~Kaiba in Wonderland~

Hello there! It's Laurel, and while watching King Kong and thinking about the Nightmare Before Christmas, I had the idea to write a parody of Alice in Wonderland involving Yu-Gi-Oh! Don't ask… I'm weird. Then again, you all know that. ;D This is dedicated to other me, Lizzie!

-Kaiba and Mokuba are in a random meadow, playing card games-

Kaiba: Why do you want to play out here and not inside, Mokuba?

Mokuba: Because it's a beautiful day! And I don't want you to be tempted with work. I mean, you never sleep! You look so tired…

Kaiba: …..hmph.

Kaiba: ANYWAY, as I was saying, if you use the Blue Eyes White Dragon, it's pretty much a guaranteed win… -Yawn-

Mokuba: But I don't have that card…

Kaiba: Sucks for you.

Mokuba: Aww… Seto can I please see it?

Kaiba: ……I guess. Just this once….

Mokuba: You know, what's the point of telling me about it if I can't even use it!

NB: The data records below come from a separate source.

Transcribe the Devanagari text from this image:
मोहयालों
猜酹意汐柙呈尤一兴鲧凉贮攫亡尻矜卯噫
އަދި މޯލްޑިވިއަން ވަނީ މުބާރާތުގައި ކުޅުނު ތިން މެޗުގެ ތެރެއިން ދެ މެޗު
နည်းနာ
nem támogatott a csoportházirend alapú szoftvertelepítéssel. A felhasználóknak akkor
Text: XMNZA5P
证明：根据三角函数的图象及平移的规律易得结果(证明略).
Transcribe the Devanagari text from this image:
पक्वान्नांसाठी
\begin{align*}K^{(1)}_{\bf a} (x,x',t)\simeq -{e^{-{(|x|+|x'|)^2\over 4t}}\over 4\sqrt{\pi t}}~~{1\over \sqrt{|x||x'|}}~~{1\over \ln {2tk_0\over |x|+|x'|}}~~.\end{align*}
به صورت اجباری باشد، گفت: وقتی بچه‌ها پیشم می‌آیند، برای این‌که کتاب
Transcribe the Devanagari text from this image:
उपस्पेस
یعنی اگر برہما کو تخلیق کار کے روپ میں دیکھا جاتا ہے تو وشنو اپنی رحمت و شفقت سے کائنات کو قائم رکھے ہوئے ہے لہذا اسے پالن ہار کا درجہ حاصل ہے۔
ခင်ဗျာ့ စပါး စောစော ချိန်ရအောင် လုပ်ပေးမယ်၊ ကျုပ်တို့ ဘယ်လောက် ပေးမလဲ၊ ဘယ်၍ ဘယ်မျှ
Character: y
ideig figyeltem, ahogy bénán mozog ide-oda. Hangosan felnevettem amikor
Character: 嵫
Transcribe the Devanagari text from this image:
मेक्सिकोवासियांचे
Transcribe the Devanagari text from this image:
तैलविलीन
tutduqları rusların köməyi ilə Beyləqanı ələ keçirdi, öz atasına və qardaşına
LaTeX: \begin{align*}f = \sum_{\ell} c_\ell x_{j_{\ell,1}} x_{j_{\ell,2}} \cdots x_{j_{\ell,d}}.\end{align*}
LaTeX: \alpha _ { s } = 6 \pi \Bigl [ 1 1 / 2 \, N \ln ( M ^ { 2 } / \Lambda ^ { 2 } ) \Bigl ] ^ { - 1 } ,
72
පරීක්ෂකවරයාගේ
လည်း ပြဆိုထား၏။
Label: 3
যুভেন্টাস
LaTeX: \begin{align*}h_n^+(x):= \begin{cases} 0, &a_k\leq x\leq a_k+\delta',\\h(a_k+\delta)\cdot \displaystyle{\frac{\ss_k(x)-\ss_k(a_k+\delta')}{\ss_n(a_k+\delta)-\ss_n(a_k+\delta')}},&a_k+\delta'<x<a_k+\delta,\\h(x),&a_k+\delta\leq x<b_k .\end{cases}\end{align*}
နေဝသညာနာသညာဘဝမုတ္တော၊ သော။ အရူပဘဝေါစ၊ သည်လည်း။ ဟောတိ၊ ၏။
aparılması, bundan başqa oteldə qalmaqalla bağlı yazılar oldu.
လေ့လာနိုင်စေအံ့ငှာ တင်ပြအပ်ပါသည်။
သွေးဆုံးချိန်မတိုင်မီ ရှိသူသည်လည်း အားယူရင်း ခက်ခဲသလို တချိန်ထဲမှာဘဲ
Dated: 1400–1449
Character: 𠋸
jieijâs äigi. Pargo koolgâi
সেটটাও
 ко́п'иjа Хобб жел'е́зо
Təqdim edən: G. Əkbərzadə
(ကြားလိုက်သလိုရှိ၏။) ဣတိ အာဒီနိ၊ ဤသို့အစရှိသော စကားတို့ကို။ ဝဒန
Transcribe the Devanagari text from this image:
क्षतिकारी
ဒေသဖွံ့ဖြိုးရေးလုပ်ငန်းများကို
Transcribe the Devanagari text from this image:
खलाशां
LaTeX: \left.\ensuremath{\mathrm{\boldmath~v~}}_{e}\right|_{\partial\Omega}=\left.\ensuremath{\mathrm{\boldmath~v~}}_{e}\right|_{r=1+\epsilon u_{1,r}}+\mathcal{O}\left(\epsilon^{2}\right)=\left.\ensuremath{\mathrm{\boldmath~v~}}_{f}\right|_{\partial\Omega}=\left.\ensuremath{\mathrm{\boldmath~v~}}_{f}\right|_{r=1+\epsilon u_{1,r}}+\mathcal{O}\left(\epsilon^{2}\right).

Kaiba: I don't have to answer that. –Pulls it out- Well, here it is. Isn't it sexy?

Mokuba: Not real-Yes big brother. Its very presence fills me with ecstasy.

Kaiba: .....Good answer…… -Closes eyes-

Mokuba: -Hears noise- Look Seto! It's… Yugi?

-Yugi hops by in a bunny outfit- Oh great, I'm late. I can't believe how late I am. This is terrible.

Kaiba: -opens eyes- Yugi WHY the hell are you dressed as a rabbit? And wouldn't running get you there faster than hopping? Wow you look like an idiot.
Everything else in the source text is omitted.